_Assignment_
An exact copy of every entry below is required, and no picture may appear in it.

_Extracted records_
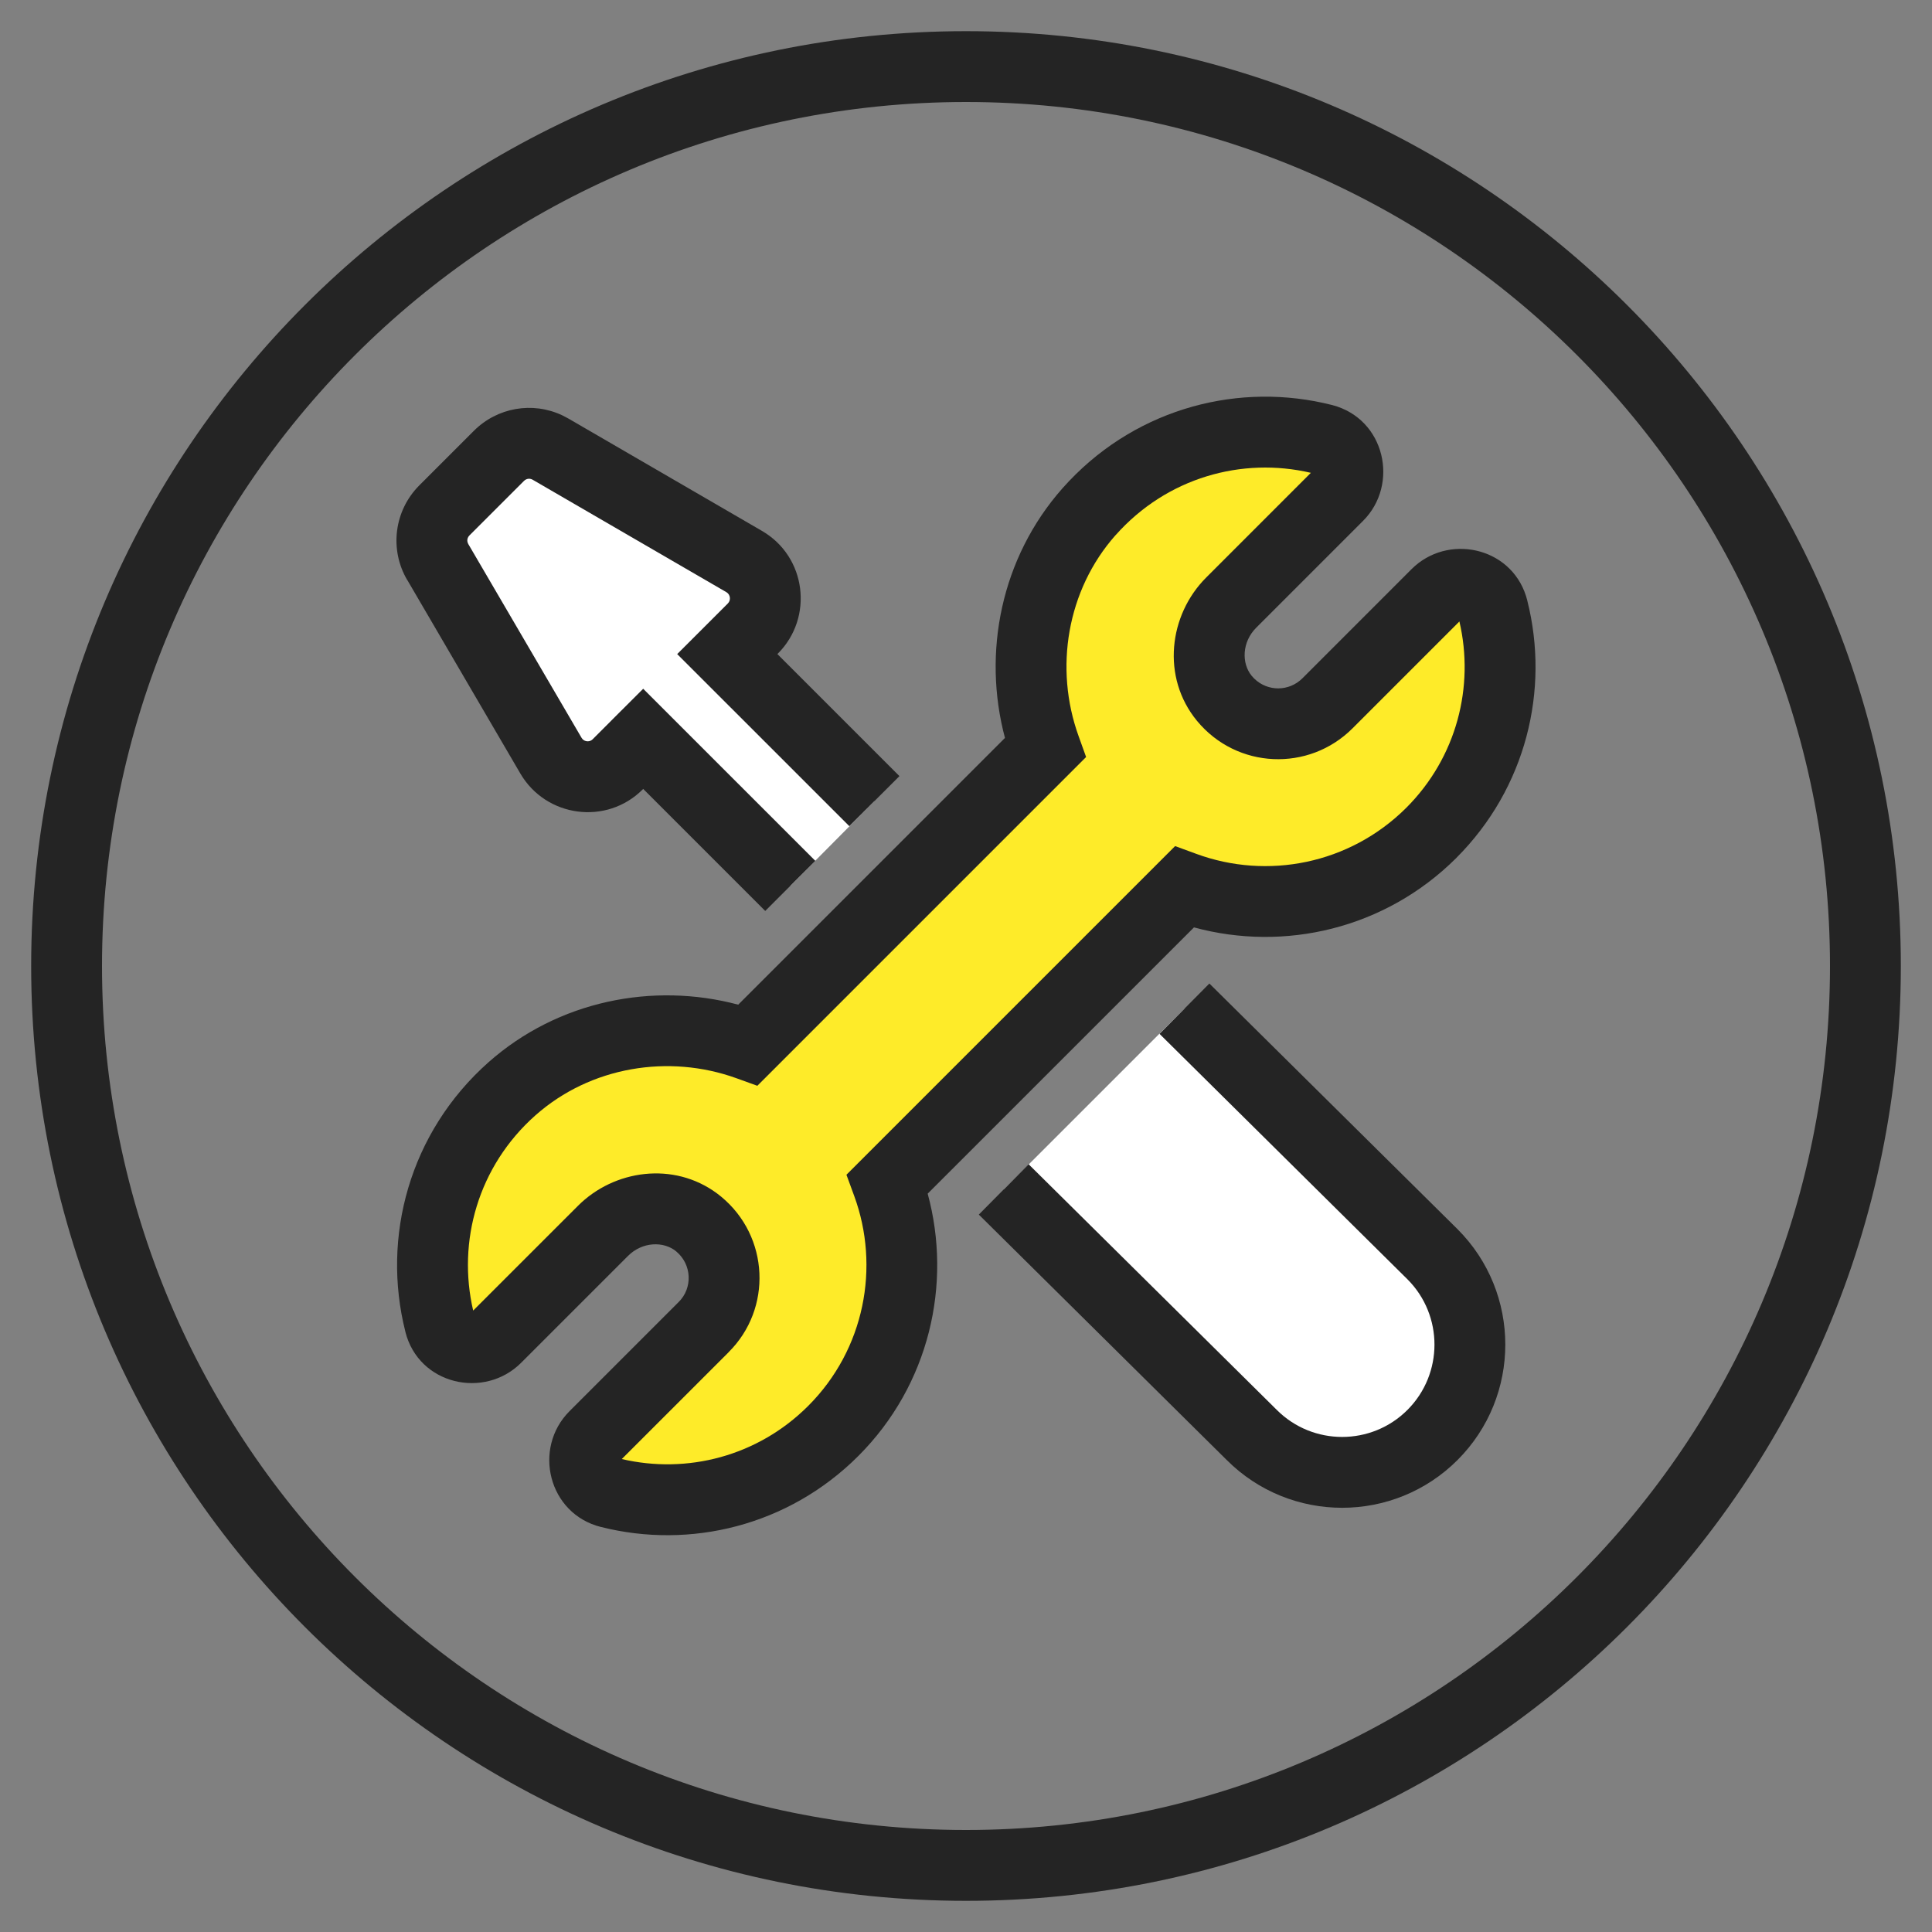 <svg width="60" height="60" viewBox="0 0 60 60" fill="none" xmlns="http://www.w3.org/2000/svg">
<rect x="0" y="0" width="60" height="60" fill="#808080" stroke="none"/>
<g clip-path="url(#clip0_6562_81177)">
<path d="M56.832 30C56.832 15.181 44.819 3.168 30 3.168C15.181 3.168 3.168 15.181 3.168 30C3.168 44.819 15.181 56.832 30 56.832V59.032C13.966 59.032 0.968 46.034 0.968 30C0.968 13.966 13.966 0.968 30 0.968C46.034 0.968 59.032 13.966 59.032 30C59.032 46.034 46.034 59.032 30 59.032V56.832C44.819 56.832 56.832 44.819 56.832 30Z" fill="#242424"/>
<path d="M44.613 18.455L41.226 21.842C40.326 22.742 38.845 22.684 38.023 21.687C37.307 20.816 37.432 19.519 38.236 18.716L41.555 15.397C42.116 14.835 41.874 13.848 41.1 13.645C38.555 12.997 35.729 13.742 33.823 15.89C32.023 17.922 31.578 20.777 32.458 23.226L23.236 32.448C20.787 31.568 17.933 32.013 15.9 33.813C13.762 35.71 13.007 38.535 13.655 41.09C13.849 41.864 14.836 42.116 15.407 41.545L18.726 38.226C19.529 37.422 20.826 37.297 21.697 38.013C22.694 38.835 22.752 40.326 21.852 41.216L18.465 44.603C17.894 45.174 18.155 46.161 18.929 46.355C21.339 46.964 23.991 46.326 25.878 44.439C27.949 42.368 28.51 39.348 27.562 36.764L36.775 27.552C39.358 28.5 42.368 27.939 44.449 25.868C46.336 23.981 46.974 21.329 46.365 18.919C46.171 18.135 45.184 17.884 44.613 18.455Z" fill="#FEEB29"/>
<path d="M33 15.16C35.123 12.768 38.242 11.888 41.096 12.514L41.371 12.579L41.379 12.581C43.018 13.011 43.462 15.045 42.332 16.175L39.013 19.494C38.567 19.94 38.554 20.599 38.871 20.987L38.951 21.074C39.367 21.481 40.032 21.481 40.449 21.064L43.835 17.677L43.945 17.574C45.104 16.564 47.035 17.046 47.433 18.655H47.432C48.131 21.425 47.396 24.476 45.226 26.645L45.225 26.647C43.012 28.85 39.886 29.565 37.08 28.801L28.81 37.07C29.574 39.877 28.861 43.012 26.656 45.217C24.485 47.387 21.433 48.121 18.663 47.421V47.422C17.027 47.013 16.535 44.977 17.687 43.825L21.078 40.434C21.515 40.002 21.491 39.27 20.997 38.861V38.86C20.608 38.543 19.949 38.558 19.503 39.004L16.184 42.323C15.046 43.461 13.002 43.011 12.588 41.357L12.589 41.356C11.846 38.42 12.713 35.17 15.17 32.99L15.171 32.989C17.334 31.074 20.285 30.496 22.926 31.201L31.21 22.917C30.505 20.275 31.084 17.324 32.999 15.161L33 15.16ZM40.71 14.684C38.578 14.185 36.239 14.826 34.646 16.62L34.645 16.619C33.127 18.333 32.741 20.761 33.494 22.853L33.73 23.51L23.52 33.72L22.864 33.483C20.771 32.73 18.343 33.119 16.629 34.637C14.844 36.22 14.196 38.56 14.695 40.701L17.949 37.448C19.072 36.324 20.921 36.065 22.267 37.062L22.396 37.163L22.397 37.164C23.894 38.399 23.988 40.644 22.628 41.993L22.629 41.994L19.31 45.312C21.328 45.784 23.526 45.235 25.1 43.661C26.856 41.905 27.335 39.341 26.529 37.143L26.287 36.483L36.494 26.276L37.154 26.518C39.35 27.325 41.905 26.846 43.672 25.088C45.245 23.514 45.794 21.317 45.323 19.3L42.003 22.62C40.648 23.975 38.413 23.888 37.174 22.387L37.173 22.386C36.06 21.032 36.298 19.098 37.457 17.938L40.71 14.684Z" fill="#242424"/>
<path d="M36.784 31.326L44.487 38.952C46.036 40.5 46.036 43.016 44.487 44.564C42.939 46.113 40.423 46.113 38.875 44.564L31.171 36.939" fill="white"/>
<path d="M45.261 38.169L45.265 38.173C47.243 40.151 47.243 43.364 45.265 45.342C43.288 47.319 40.079 47.32 38.101 45.346L30.398 37.72L31.945 36.157L39.649 43.783L39.653 43.787C40.772 44.905 42.591 44.905 43.709 43.787C44.827 42.669 44.829 40.852 43.713 39.733L36.01 32.107L37.558 30.544L45.261 38.169Z" fill="#242424"/>
<path d="M27.155 24.88L22.587 20.313L23.381 19.519C23.991 18.909 23.865 17.874 23.11 17.438L17.09 13.945C16.568 13.645 15.92 13.732 15.494 14.158L13.8 15.851C13.374 16.277 13.287 16.935 13.597 17.458L17.11 23.468C17.545 24.213 18.571 24.348 19.181 23.738L19.974 22.945L24.542 27.513" fill="white"/>
<path d="M14.716 13.38C15.444 12.652 16.537 12.465 17.457 12.896L17.639 12.991L17.643 12.993L23.659 16.485C25.05 17.288 25.272 19.183 24.158 20.297L24.143 20.313L27.933 24.103L26.377 25.658L21.031 20.313L22.604 18.741C22.709 18.636 22.679 18.46 22.561 18.392L22.558 18.39L16.538 14.896C16.449 14.848 16.346 14.862 16.272 14.936L14.578 16.629C14.523 16.684 14.502 16.759 14.517 16.829L14.543 16.898L14.547 16.902L18.06 22.912L18.092 22.955C18.176 23.042 18.319 23.045 18.403 22.961L19.196 22.167L19.975 21.39L25.32 26.734L23.765 28.29L19.975 24.5L19.959 24.517C18.836 25.64 16.957 25.385 16.16 24.023L12.652 18.018L12.65 18.019C12.083 17.06 12.245 15.851 13.023 15.073L14.716 13.38Z" fill="#242424"/>
</g>
<defs>
<clipPath id="clip0_6562_81177">
<rect width="60" height="60" fill="white"/>
</clipPath>
</defs>
</svg>

_Result of this exercise_
 <svg width="60" height="60" viewBox="0 0 60 60" fill="none" xmlns="http://www.w3.org/2000/svg">
<rect x="0" y="0" width="60" height="60" fill="#808080" stroke="none"/>
<g clip-path="url(#clip0_6562_81177)">
<path d="M56.832 30C56.832 15.181 44.819 3.168 30 3.168C15.181 3.168 3.168 15.181 3.168 30C3.168 44.819 15.181 56.832 30 56.832V59.032C13.966 59.032 0.968 46.034 0.968 30C0.968 13.966 13.966 0.968 30 0.968C46.034 0.968 59.032 13.966 59.032 30C59.032 46.034 46.034 59.032 30 59.032V56.832C44.819 56.832 56.832 44.819 56.832 30Z" fill="#242424"/>
<path d="M44.613 18.455L41.226 21.842C40.326 22.742 38.845 22.684 38.023 21.687C37.307 20.816 37.432 19.519 38.236 18.716L41.555 15.397C42.116 14.835 41.874 13.848 41.1 13.645C38.555 12.997 35.729 13.742 33.823 15.89C32.023 17.922 31.578 20.777 32.458 23.226L23.236 32.448C20.787 31.568 17.933 32.013 15.9 33.813C13.762 35.71 13.007 38.535 13.655 41.09C13.849 41.864 14.836 42.116 15.407 41.545L18.726 38.226C19.529 37.422 20.826 37.297 21.697 38.013C22.694 38.835 22.752 40.326 21.852 41.216L18.465 44.603C17.894 45.174 18.155 46.161 18.929 46.355C21.339 46.964 23.991 46.326 25.878 44.439C27.949 42.368 28.51 39.348 27.562 36.764L36.775 27.552C39.358 28.5 42.368 27.939 44.449 25.868C46.336 23.981 46.974 21.329 46.365 18.919C46.171 18.135 45.184 17.884 44.613 18.455Z" fill="#FEEB29"/>
<path d="M33 15.16C35.123 12.768 38.242 11.888 41.096 12.514L41.371 12.579L41.379 12.581C43.018 13.011 43.462 15.045 42.332 16.175L39.013 19.494C38.567 19.94 38.554 20.599 38.871 20.987L38.951 21.074C39.367 21.481 40.032 21.481 40.449 21.064L43.835 17.677L43.945 17.574C45.104 16.564 47.035 17.046 47.433 18.655H47.432C48.131 21.425 47.396 24.476 45.226 26.645L45.225 26.647C43.012 28.85 39.886 29.565 37.08 28.801L28.81 37.07C29.574 39.877 28.861 43.012 26.656 45.217C24.485 47.387 21.433 48.121 18.663 47.421V47.422C17.027 47.013 16.535 44.977 17.687 43.825L21.078 40.434C21.515 40.002 21.491 39.27 20.997 38.861V38.86C20.608 38.543 19.949 38.558 19.503 39.004L16.184 42.323C15.046 43.461 13.002 43.011 12.588 41.357L12.589 41.356C11.846 38.42 12.713 35.17 15.17 32.99L15.171 32.989C17.334 31.074 20.285 30.496 22.926 31.201L31.21 22.917C30.505 20.275 31.084 17.324 32.999 15.161L33 15.16ZM40.71 14.684C38.578 14.185 36.239 14.826 34.646 16.62L34.645 16.619C33.127 18.333 32.741 20.761 33.494 22.853L33.73 23.51L23.52 33.72L22.864 33.483C20.771 32.73 18.343 33.119 16.629 34.637C14.844 36.22 14.196 38.56 14.695 40.701L17.949 37.448C19.072 36.324 20.921 36.065 22.267 37.062L22.396 37.163L22.397 37.164C23.894 38.399 23.988 40.644 22.628 41.993L22.629 41.994L19.31 45.312C21.328 45.784 23.526 45.235 25.1 43.661C26.856 41.905 27.335 39.341 26.529 37.143L26.287 36.483L36.494 26.276L37.154 26.518C39.35 27.325 41.905 26.846 43.672 25.088C45.245 23.514 45.794 21.317 45.323 19.3L42.003 22.62C40.648 23.975 38.413 23.888 37.174 22.387L37.173 22.386C36.06 21.032 36.298 19.098 37.457 17.938L40.71 14.684Z" fill="#242424"/>
<path d="M36.784 31.326L44.487 38.952C46.036 40.5 46.036 43.016 44.487 44.564C42.939 46.113 40.423 46.113 38.875 44.564L31.171 36.939" fill="white"/>
<path d="M45.261 38.169L45.265 38.173C47.243 40.151 47.243 43.364 45.265 45.342C43.288 47.319 40.079 47.32 38.101 45.346L30.398 37.72L31.945 36.157L39.649 43.783L39.653 43.787C40.772 44.905 42.591 44.905 43.709 43.787C44.827 42.669 44.829 40.852 43.713 39.733L36.01 32.107L37.558 30.544L45.261 38.169Z" fill="#242424"/>
<path d="M27.155 24.88L22.587 20.313L23.381 19.519C23.991 18.909 23.865 17.874 23.11 17.438L17.09 13.945C16.568 13.645 15.92 13.732 15.494 14.158L13.8 15.851C13.374 16.277 13.287 16.935 13.597 17.458L17.11 23.468C17.545 24.213 18.571 24.348 19.181 23.738L19.974 22.945L24.542 27.513" fill="white"/>
<path d="M14.716 13.38C15.444 12.652 16.537 12.465 17.457 12.896L17.639 12.991L17.643 12.993L23.659 16.485C25.05 17.288 25.272 19.183 24.158 20.297L24.143 20.313L27.933 24.103L26.377 25.658L21.031 20.313L22.604 18.741C22.709 18.636 22.679 18.46 22.561 18.392L22.558 18.39L16.538 14.896C16.449 14.848 16.346 14.862 16.272 14.936L14.578 16.629C14.523 16.684 14.502 16.759 14.517 16.829L14.543 16.898L14.547 16.902L18.06 22.912L18.092 22.955C18.176 23.042 18.319 23.045 18.403 22.961L19.196 22.167L19.975 21.39L25.32 26.734L23.765 28.29L19.975 24.5L19.959 24.517C18.836 25.64 16.957 25.385 16.16 24.023L12.652 18.018L12.65 18.019C12.083 17.06 12.245 15.851 13.023 15.073L14.716 13.38Z" fill="#242424"/>
</g>
<defs>
<clipPath id="clip0_6562_81177">
<rect width="60" height="60" fill="white"/>
</clipPath>
</defs>
</svg>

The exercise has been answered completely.